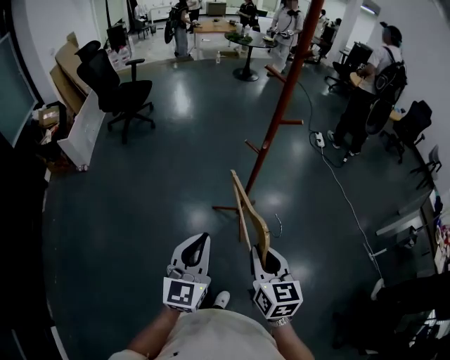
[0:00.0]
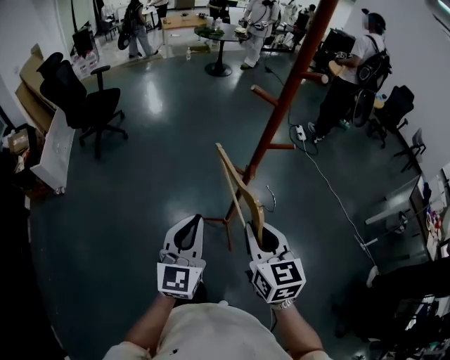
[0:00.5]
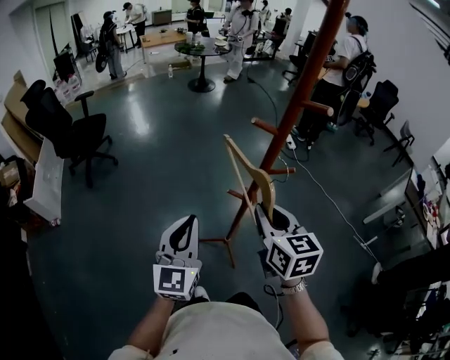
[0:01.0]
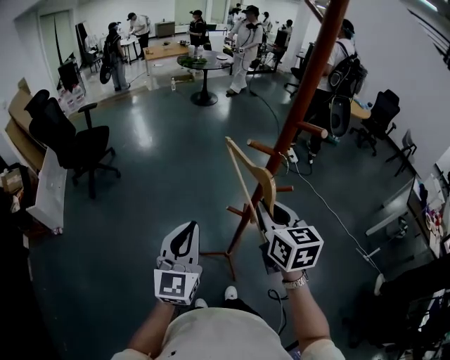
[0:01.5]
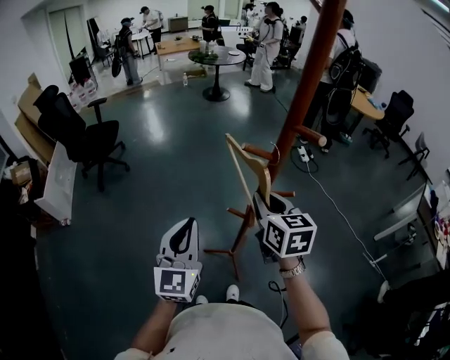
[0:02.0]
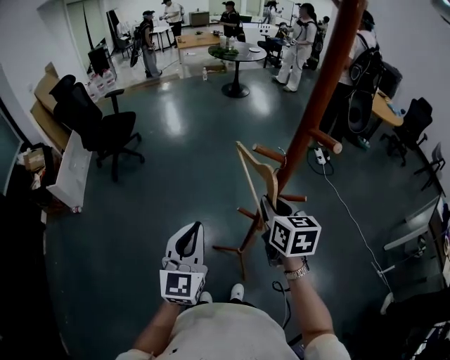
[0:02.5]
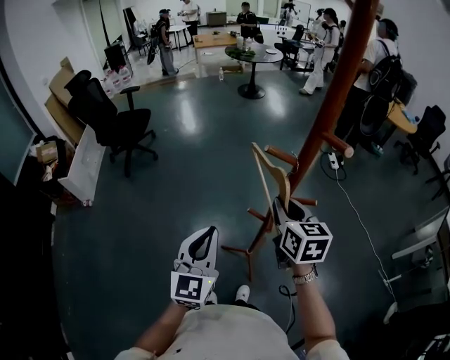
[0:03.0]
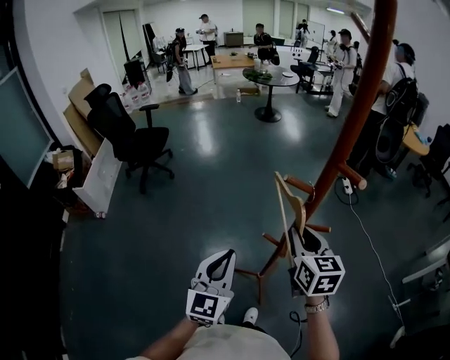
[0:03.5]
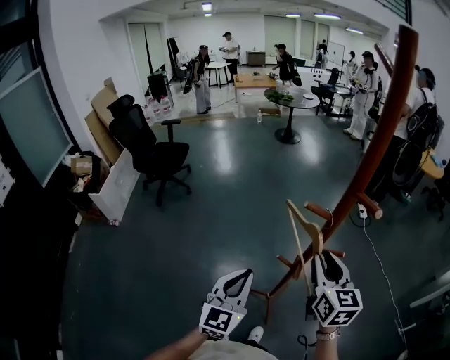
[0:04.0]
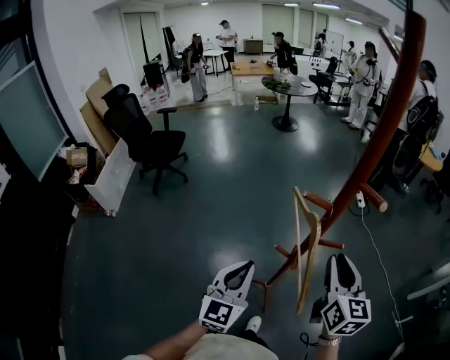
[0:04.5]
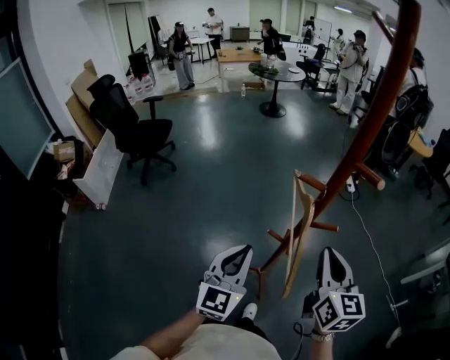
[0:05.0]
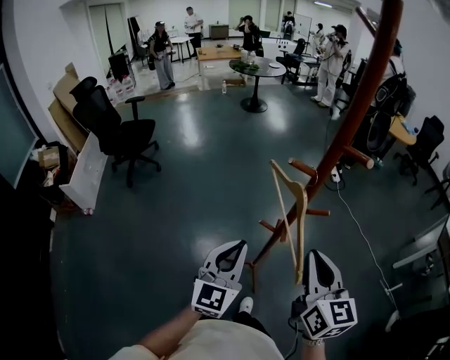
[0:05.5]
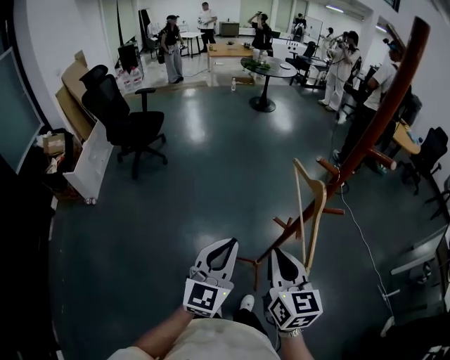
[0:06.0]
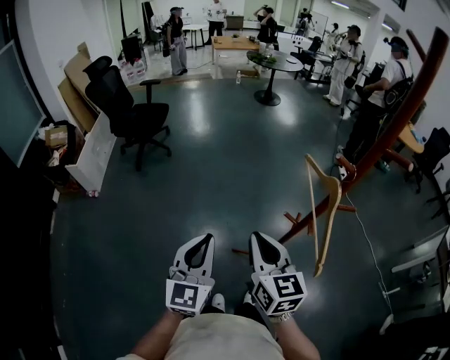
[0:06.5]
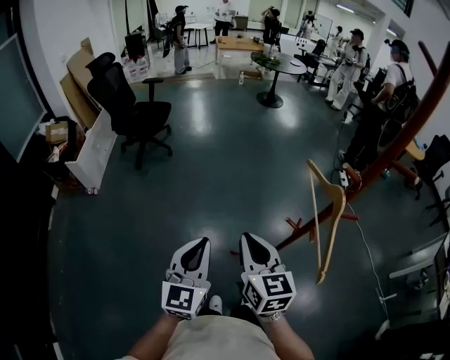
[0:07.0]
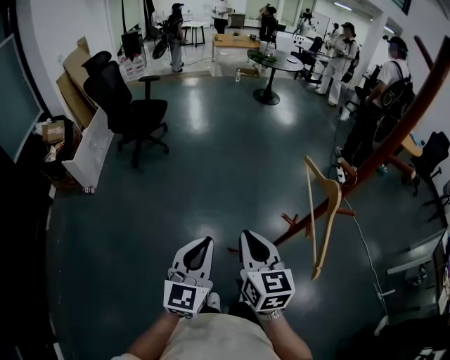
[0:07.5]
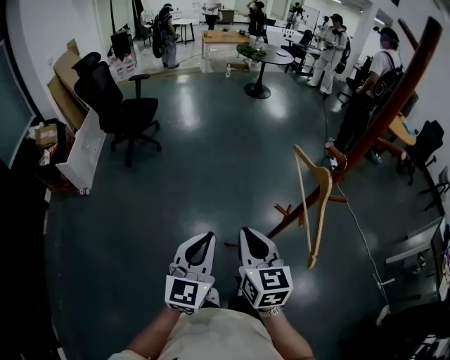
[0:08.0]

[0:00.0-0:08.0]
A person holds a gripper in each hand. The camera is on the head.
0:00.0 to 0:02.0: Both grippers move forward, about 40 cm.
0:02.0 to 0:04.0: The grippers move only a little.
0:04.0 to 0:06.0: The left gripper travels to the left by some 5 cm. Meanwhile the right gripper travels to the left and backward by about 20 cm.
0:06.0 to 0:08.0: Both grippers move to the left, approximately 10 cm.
-*-
Please set down exactly the lines from the first line of the data above through the line with "[0:00.0-0:08.0]", both included, leaving out the pictures.

[0:00.0]
[0:00.5]
[0:01.0]
[0:01.5]
[0:02.0]
[0:02.5]
[0:03.0]
[0:03.5]
[0:04.0]
[0:04.5]
[0:05.0]
[0:05.5]
[0:06.0]
[0:06.5]
[0:07.0]
[0:07.5]
[0:08.0]

[0:00.0-0:08.0]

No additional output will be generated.